Vaccine

The language he uses suggests some bipolar tendency
Um, don't you have to visit another pole to be bipolar? I'd say he is far more uni-polar than bipolar, although I'm pretty sure its just an act, he's playing a character under the anonymity of an online forum. If he was that mentally ill he wouldn't be able to logon. Another alternative is that he is a Gender Studies instructor at the local JC.
 
So the beat goes on. Have to be vaccinated or have a negative test with 72hrs to attend the games or events. People are going to be turned away at the LAFC games and the Halloween events like at Universal.


Number of people I guess including some HS or club coaches are losing jobs besides just medical professionals. Long time manager at a place where one of our young adults works was put on leave yesterday and was not allowed to enter the facility. Getting real...
Fully vaccinated, or proof of negative test, and.....masked.. Science.

Always makes me laught when they say proof of negative test 72 hrs prior. I suppose they could be more sciency and demand proof of isolation as well.
 
100%. Grace gives some good reasons. The left has this odd and apparently fear based mentality where its the children's responsibility to protect adults. Like I said before this is like not allowing kids on the Titanic for fear they might panic and flip the lifeboats and kill adults.
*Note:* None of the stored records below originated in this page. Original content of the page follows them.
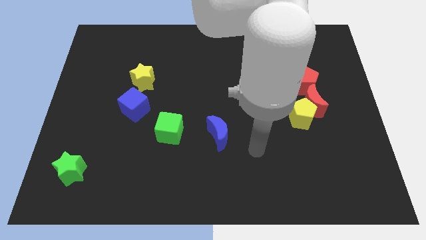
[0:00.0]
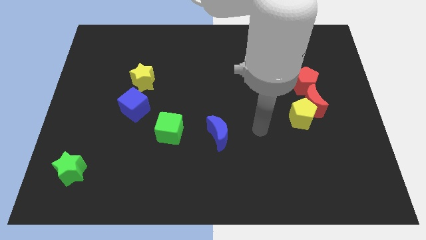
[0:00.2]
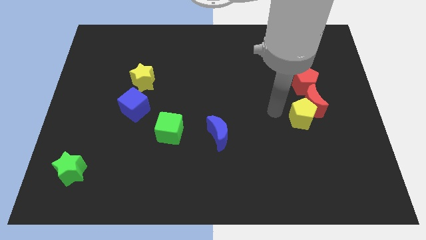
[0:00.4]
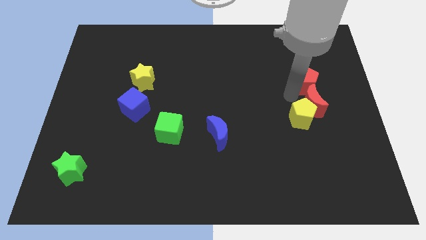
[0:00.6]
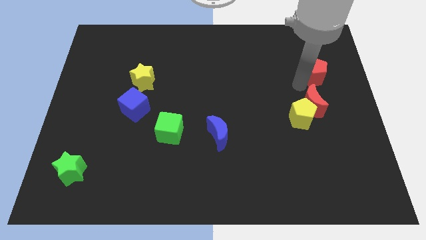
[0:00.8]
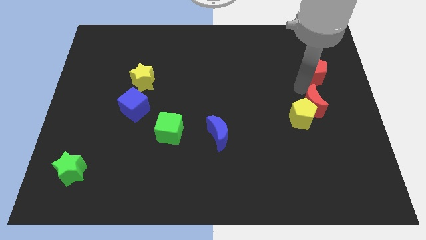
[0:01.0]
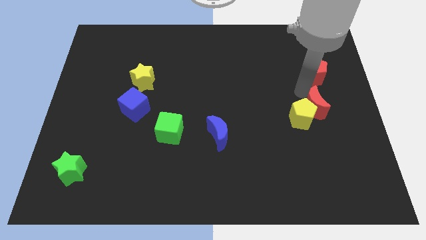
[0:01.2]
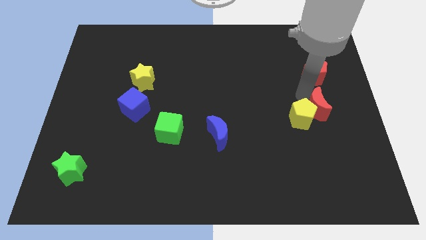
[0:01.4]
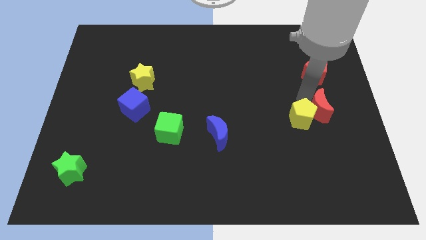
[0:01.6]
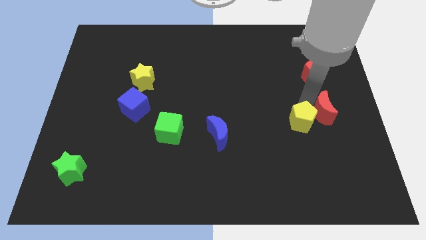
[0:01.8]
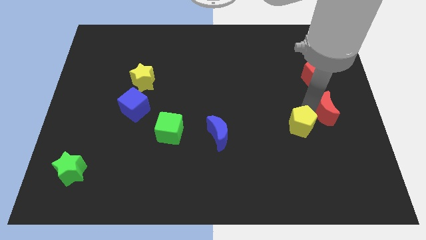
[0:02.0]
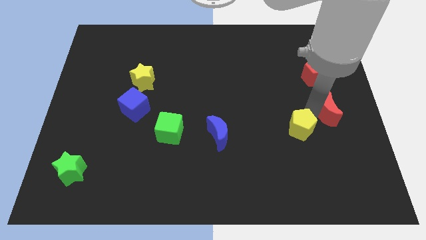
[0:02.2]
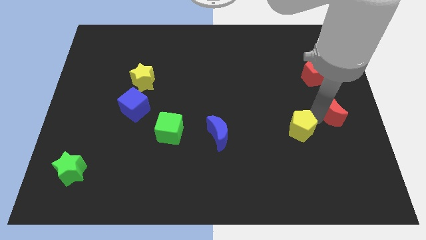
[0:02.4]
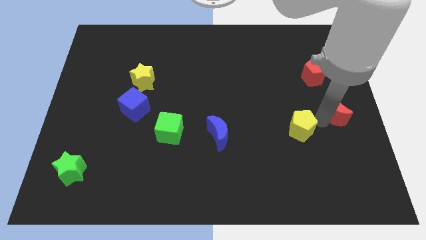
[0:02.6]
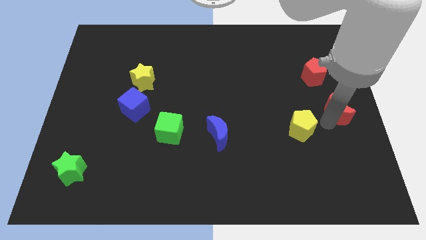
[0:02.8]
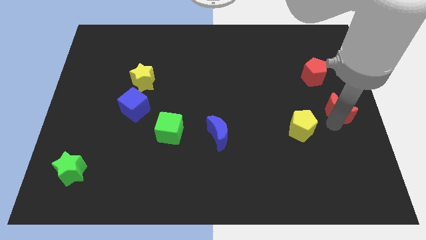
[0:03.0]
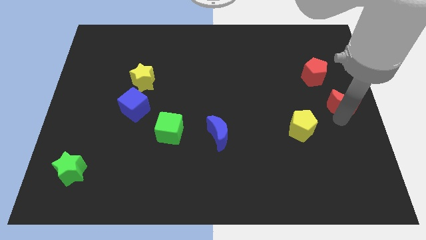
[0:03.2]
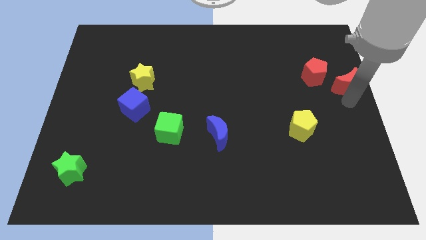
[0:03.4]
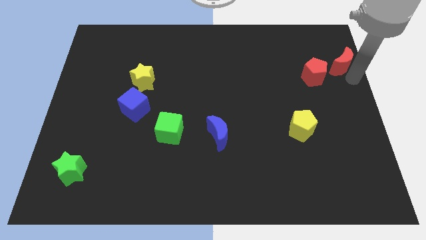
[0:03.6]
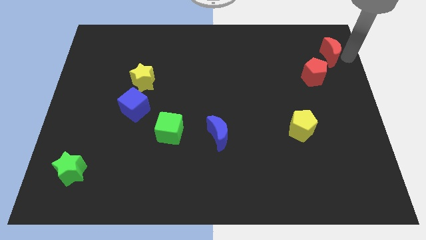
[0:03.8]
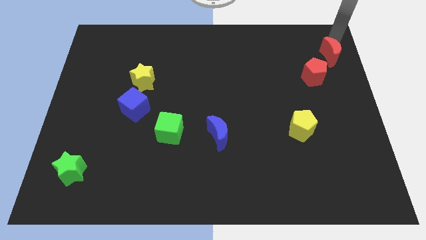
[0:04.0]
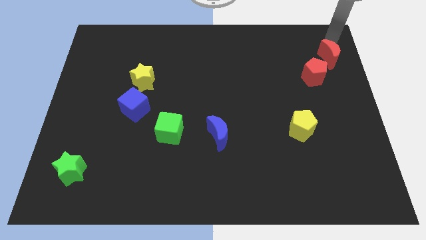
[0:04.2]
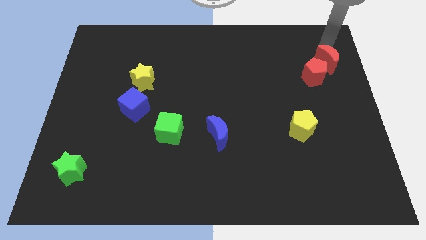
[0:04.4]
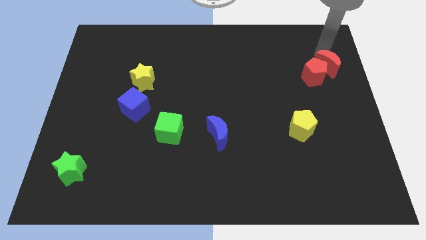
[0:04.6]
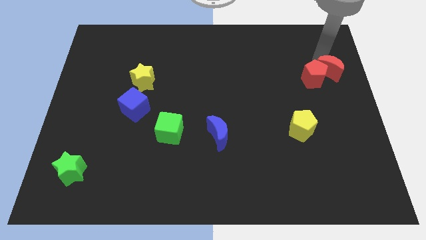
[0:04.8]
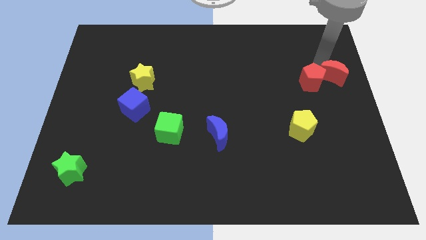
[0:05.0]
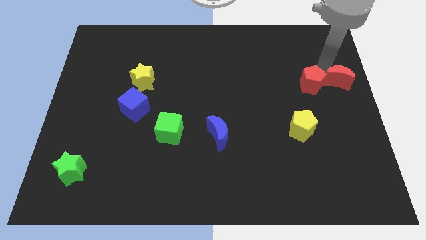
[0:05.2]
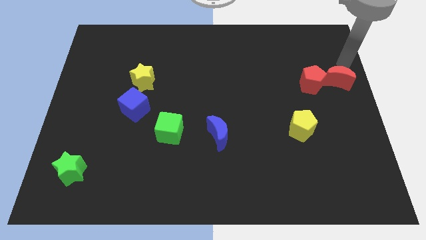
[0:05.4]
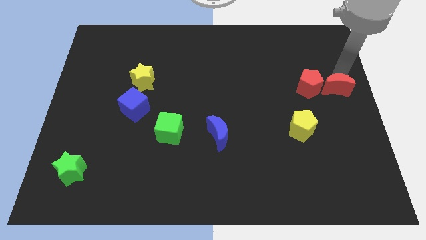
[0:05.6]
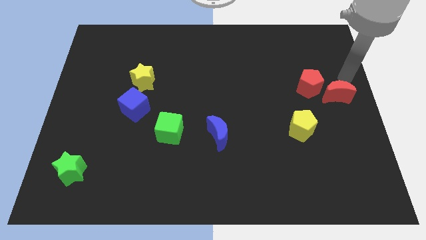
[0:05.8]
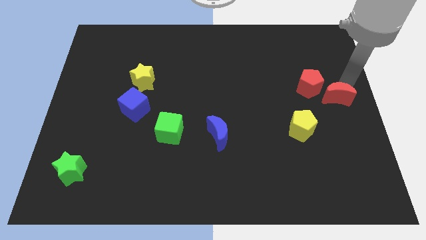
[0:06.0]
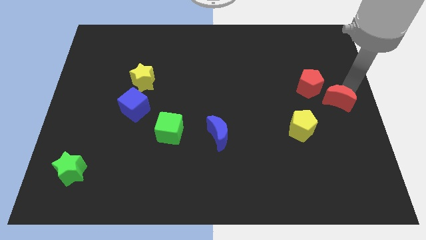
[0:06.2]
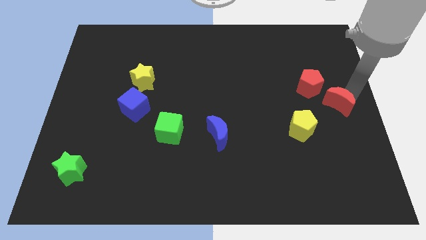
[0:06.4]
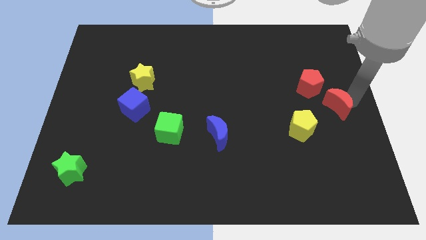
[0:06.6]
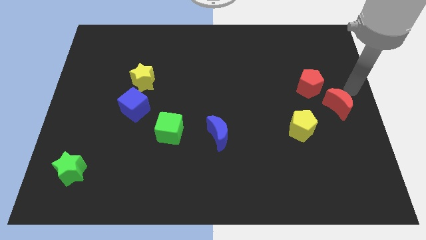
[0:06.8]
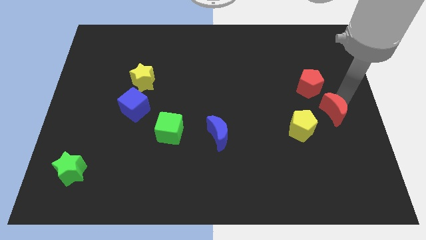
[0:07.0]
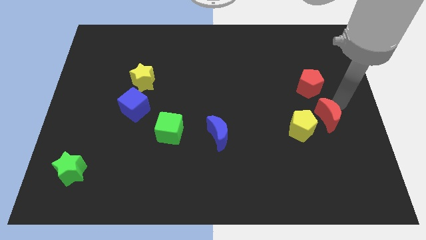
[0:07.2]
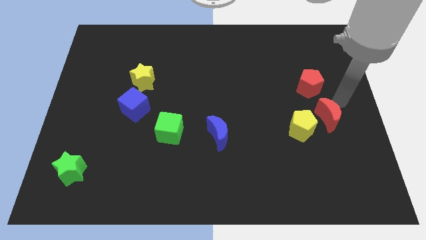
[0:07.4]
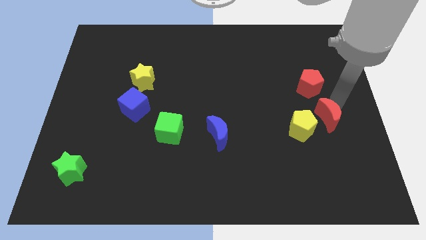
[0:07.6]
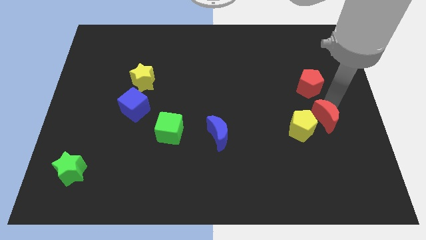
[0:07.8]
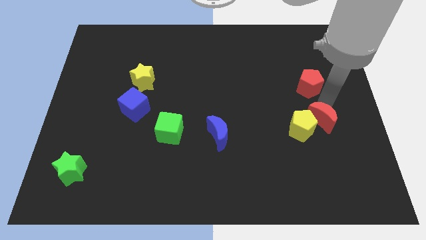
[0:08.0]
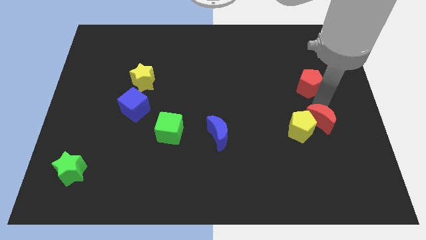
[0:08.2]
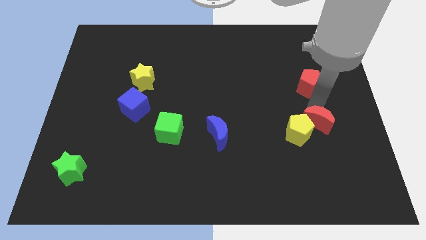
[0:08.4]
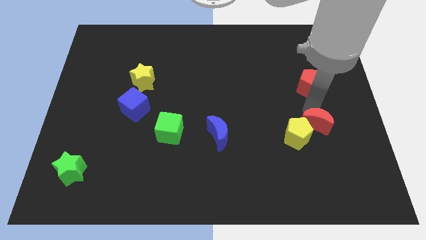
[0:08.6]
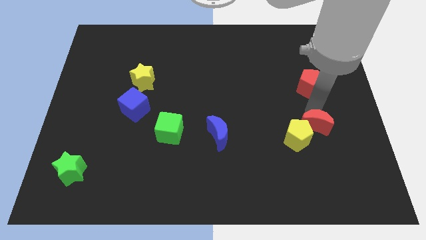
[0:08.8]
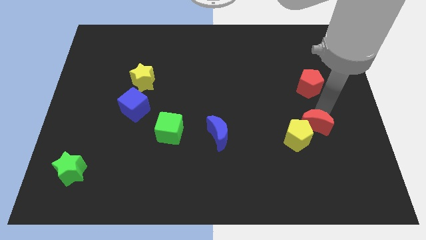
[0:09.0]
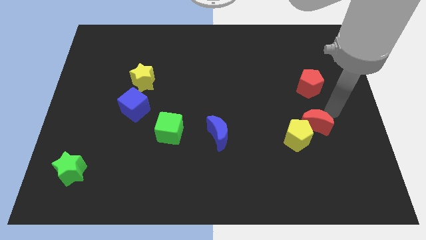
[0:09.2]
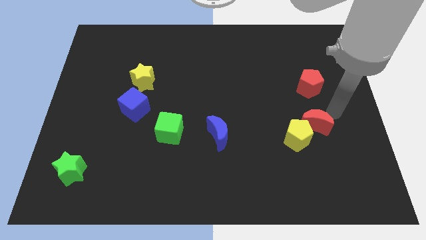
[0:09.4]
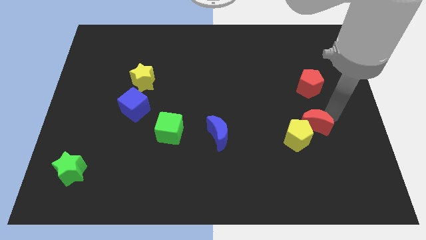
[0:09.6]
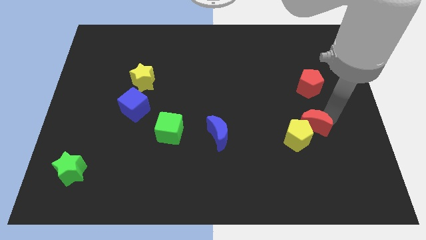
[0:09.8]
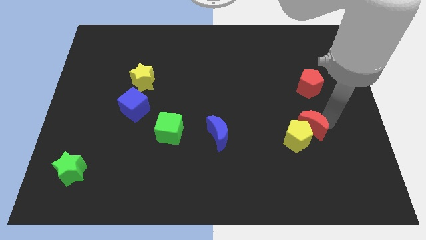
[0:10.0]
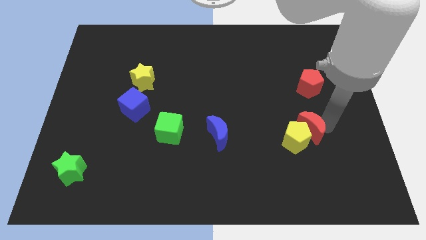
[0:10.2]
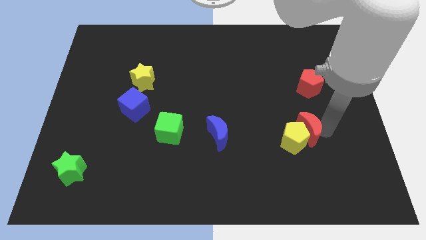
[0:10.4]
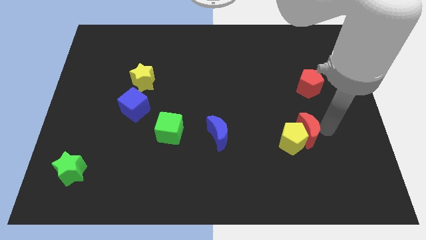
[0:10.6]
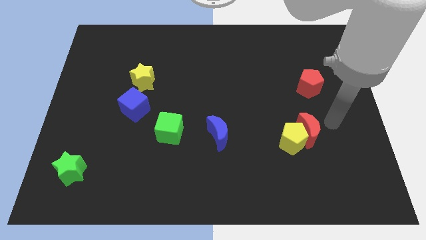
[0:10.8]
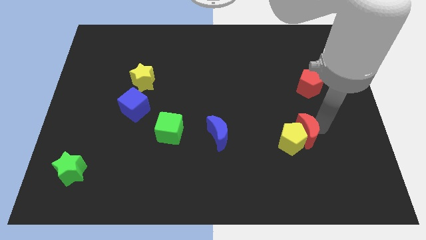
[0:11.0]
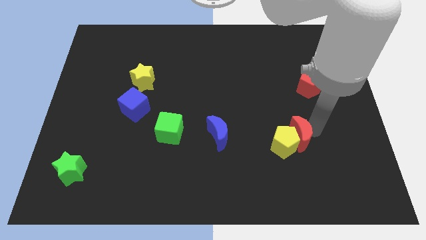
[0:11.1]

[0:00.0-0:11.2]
slide the red moon a bit down and then left

If you think that school closures and mask and vaccine mandates are for the protection of children you need to take a deeper dive into the data.

I don't recall you calling out EOTL/GG on any of his inappropriate comments, so pot meet kettle. If you think his name calling, venom and blatant mischaracterizations are even remotely close to what the right leaning posters say here I question your observational skills. With maybe one exception, the right leaning posters tend to post facts for their arguments whereas the left leaning tend to post emotions and insults. Recall that EOTL has already been kicked off this forum once.
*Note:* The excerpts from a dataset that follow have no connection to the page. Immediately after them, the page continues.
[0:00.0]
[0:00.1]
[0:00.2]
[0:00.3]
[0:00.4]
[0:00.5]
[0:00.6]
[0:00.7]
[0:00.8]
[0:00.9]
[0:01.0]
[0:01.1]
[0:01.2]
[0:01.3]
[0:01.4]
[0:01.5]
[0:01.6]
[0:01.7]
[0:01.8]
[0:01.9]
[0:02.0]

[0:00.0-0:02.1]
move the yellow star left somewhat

And as far as calling out others outside this board, how many on the left called the summer riots vs the right that called out the Jan 6 riot? You'll find that the right was far more critical of the 6th then the left of the summer riots. If you recall McConnell spoke out on the Senate floor and called out the rioters and Trump. Did Pelosi or anyone on the left do the same about the summer riots aka the "Summer of Love"?

I'm hardly the poster child for a male, white Trump righty (who I never voted for). I'm agnostic, pro-choice, socially liberal, small government minded and fiscal conservative, who try's to base his opinions on the evidence. My koolaid is more purple than red.
A better description is that adults, right and left, have successfully opposed most adult mandates.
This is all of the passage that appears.